#### Data:
_ _ _ _ _ _ _
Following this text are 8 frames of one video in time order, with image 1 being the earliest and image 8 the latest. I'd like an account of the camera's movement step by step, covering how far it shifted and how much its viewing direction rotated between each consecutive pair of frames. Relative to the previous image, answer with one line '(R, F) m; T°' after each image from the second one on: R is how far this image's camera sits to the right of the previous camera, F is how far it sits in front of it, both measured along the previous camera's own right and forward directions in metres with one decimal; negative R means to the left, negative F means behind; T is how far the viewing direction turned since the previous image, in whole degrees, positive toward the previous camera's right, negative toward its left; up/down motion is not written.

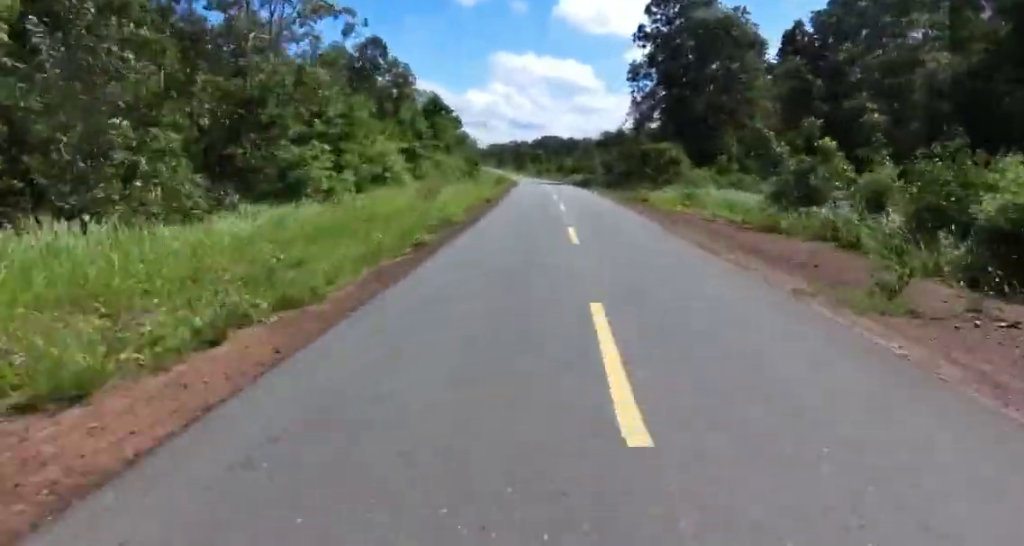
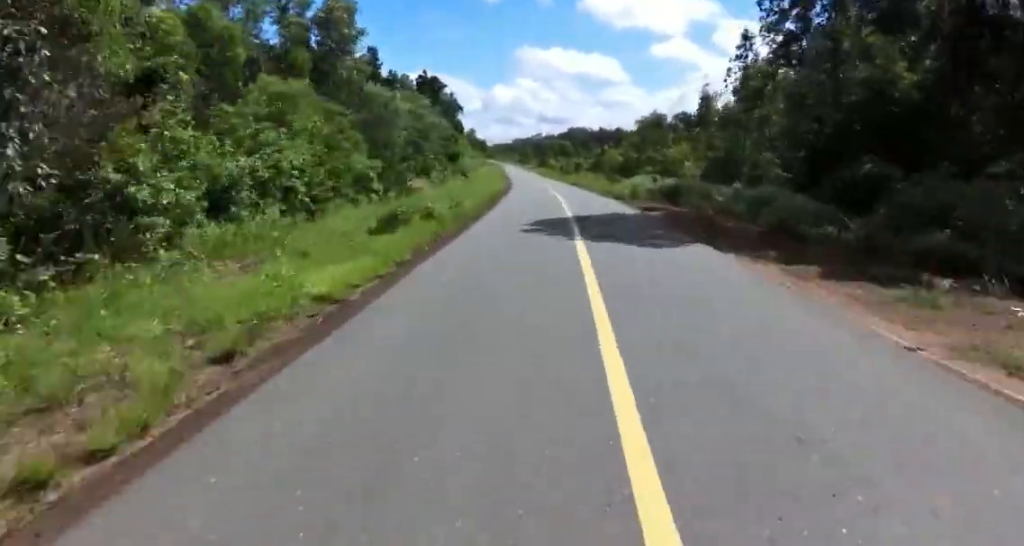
(0.0, +42.9) m; -1°
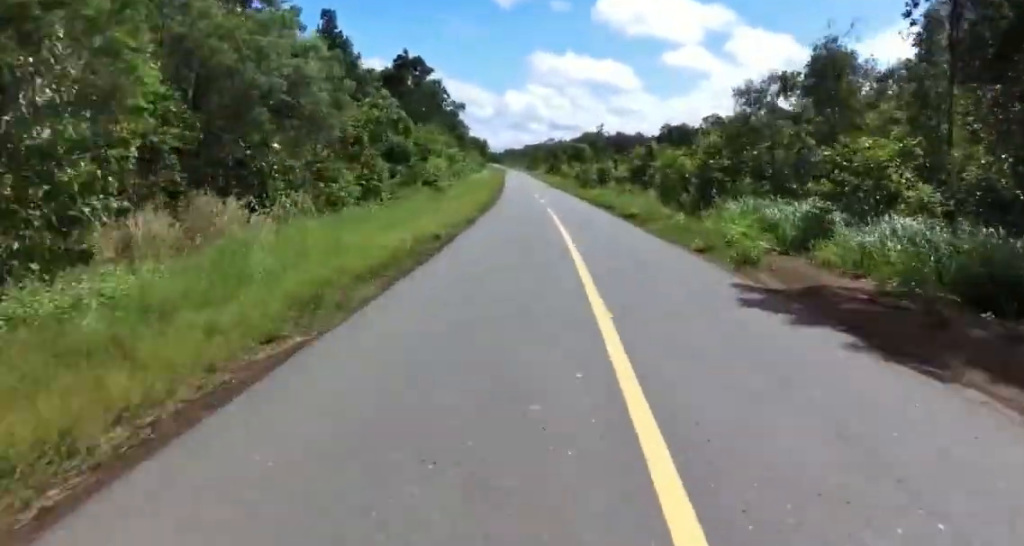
(-0.3, +25.1) m; -3°
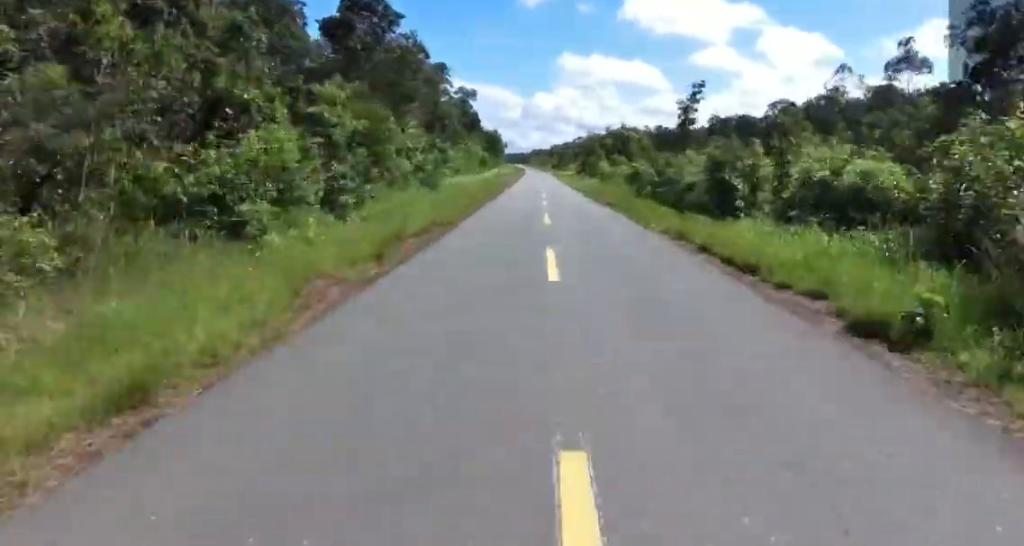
(-1.3, +31.8) m; -3°
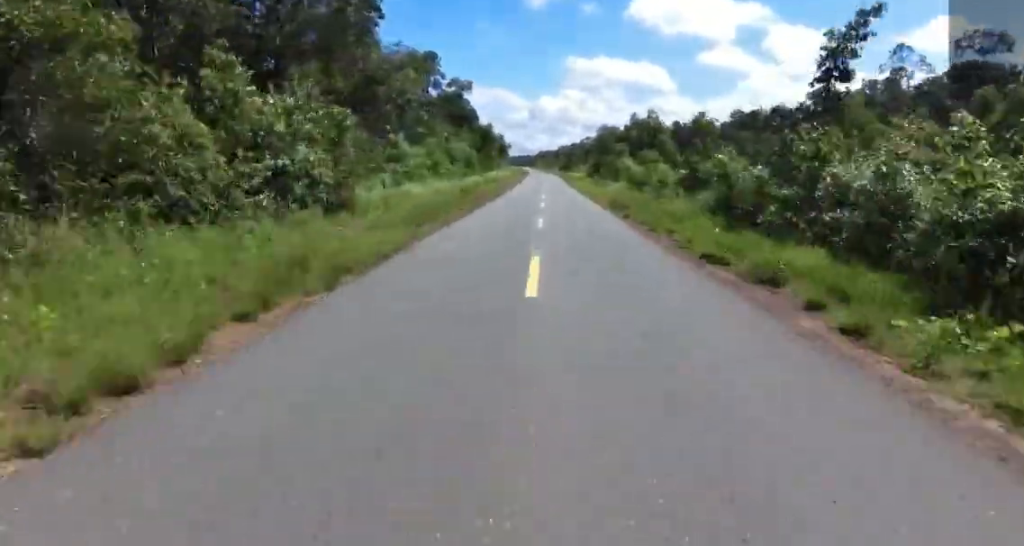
(-0.2, +16.9) m; -1°
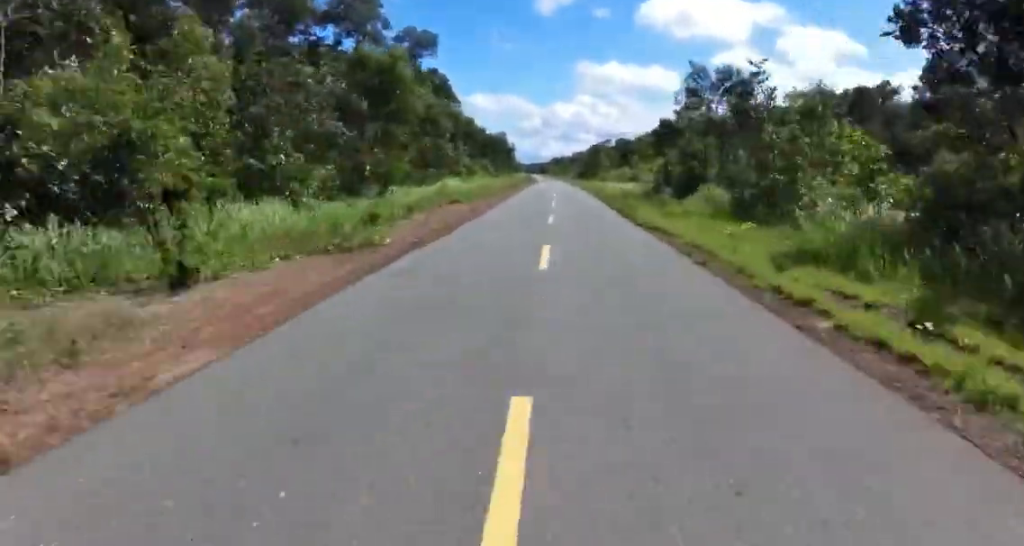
(-0.1, +50.9) m; 0°
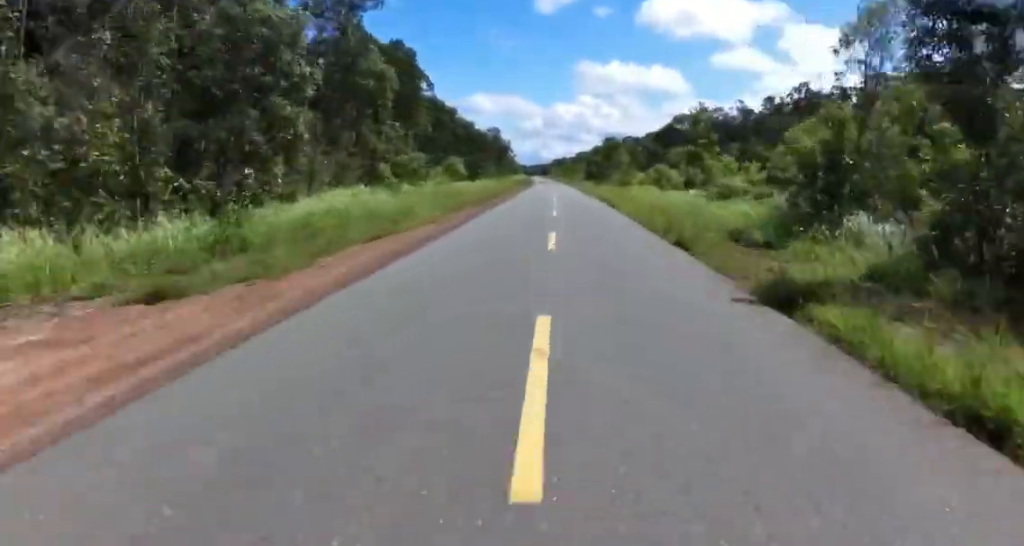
(0.0, +22.6) m; -1°
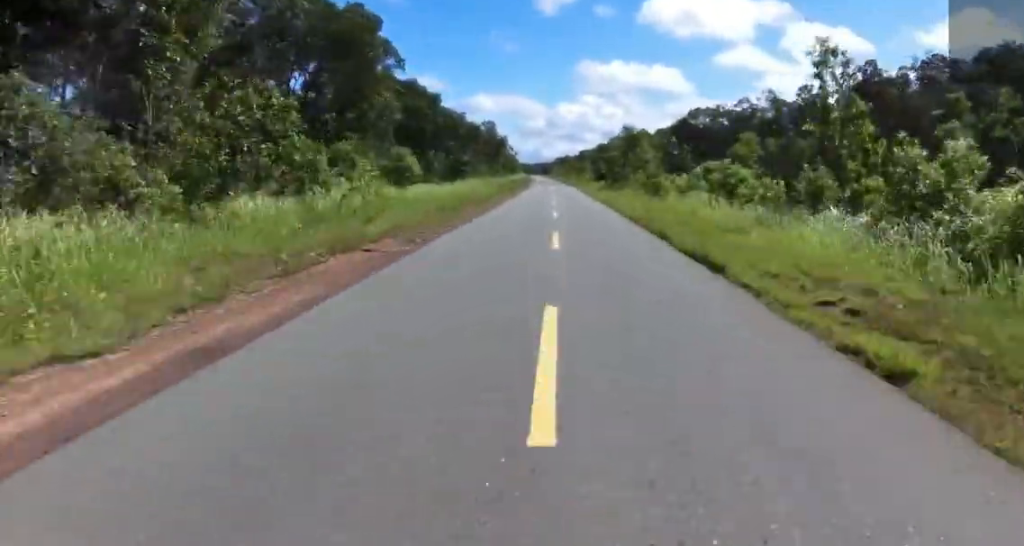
(0.0, +16.8) m; 0°
_ _ _ _ _ _ _
#### Exercise brief:
Please print an exact copy of the records, with no pictures.

#### Reply to the exercise:
Following this text are 8 frames of one video in time order, with image 1 being the earliest and image 8 the latest. I'd like an account of the camera's movement step by step, covering how far it shifted and how much its viewing direction rotated between each consecutive pair of frames. Relative to the previous image, answer with one line '(R, F) m; T°' after each image from the second one on: R is how far this image's camera sits to the right of the previous camera, F is how far it sits in front of it, both measured along the previous camera's own right and forward directions in metres with one decimal; negative R means to the left, negative F means behind; T is how far the viewing direction turned since the previous image, in whole degrees, positive toward the previous camera's right, negative toward its left; up/down motion is not written.

(0.0, +42.9) m; -1°
(-0.3, +25.1) m; -3°
(-1.3, +31.8) m; -3°
(-0.2, +16.9) m; -1°
(-0.1, +50.9) m; 0°
(0.0, +22.6) m; -1°
(0.0, +16.8) m; 0°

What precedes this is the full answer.